Write the records out exactly as they read, but not the pictures.

Entries taken from a collection =>
**********

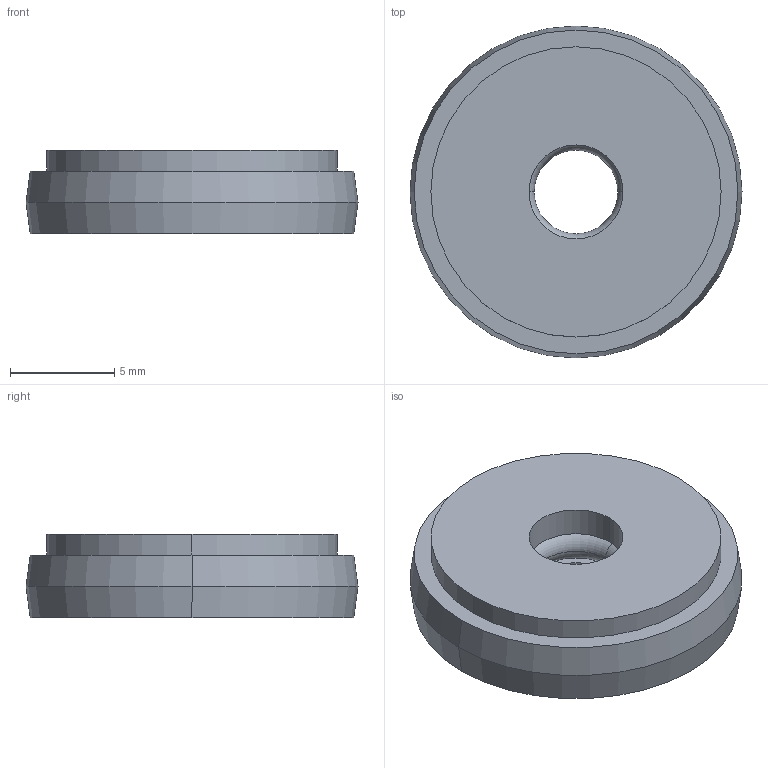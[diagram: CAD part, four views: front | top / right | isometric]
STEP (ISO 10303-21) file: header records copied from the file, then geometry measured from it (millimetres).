
FILE_DESCRIPTION (( 'STEP AP203' ), '1' );
FILE_NAME ('STP-5297-2020-004.5-0(08520-04.5).STEP', '2022-07-25T03:32:29', ( '' ), ( '' ), 'SwSTEP 2.0', 'SolidWorks 2017', '' );
FILE_SCHEMA (( 'CONFIG_CONTROL_DESIGN' ));
Length unit declared in the file: millimetre
Products named in the file (1): STP-5297-2020-004.5-0(08520-04.5)
Bounding box: 15.9 x 15.9 x 4 mm (x, y, z)
Volume: 651.4 mm3; surface area: 749.1 mm2
Topology: 2 solids, 2 shells, 21 faces, 42 edges, 26 vertices
Faces by surface type: cylinder 8, plane 5, cone 4, torus 4
Entity records: 641 total; most frequent: DIRECTION 116, CARTESIAN_POINT 90, ORIENTED_EDGE 84, AXIS2_PLACEMENT_3D 52, EDGE_CURVE 42, CIRCLE 30, EDGE_LOOP 26, VERTEX_POINT 26

**********

Answer to this exercise =>
[diagram: CAD part, four views: front | top / right | isometric]
STEP (ISO 10303-21) file: header records copied from the file, then geometry measured from it (millimetres).
FILE_DESCRIPTION (( 'STEP AP203' ), '1' );
FILE_NAME ('STP-5297-2020-004.5-0(08520-04.5).STEP', '2022-07-25T03:32:29', ( '' ), ( '' ), 'SwSTEP 2.0', 'SolidWorks 2017', '' );
FILE_SCHEMA (( 'CONFIG_CONTROL_DESIGN' ));
Length unit declared in the file: millimetre
Products named in the file (1): STP-5297-2020-004.5-0(08520-04.5)
Bounding box: 15.9 x 15.9 x 4 mm (x, y, z)
Volume: 651.4 mm3; surface area: 749.1 mm2
Topology: 2 solids, 2 shells, 21 faces, 42 edges, 26 vertices
Faces by surface type: cylinder 8, plane 5, cone 4, torus 4
Entity records: 641 total; most frequent: DIRECTION 116, CARTESIAN_POINT 90, ORIENTED_EDGE 84, AXIS2_PLACEMENT_3D 52, EDGE_CURVE 42, CIRCLE 30, EDGE_LOOP 26, VERTEX_POINT 26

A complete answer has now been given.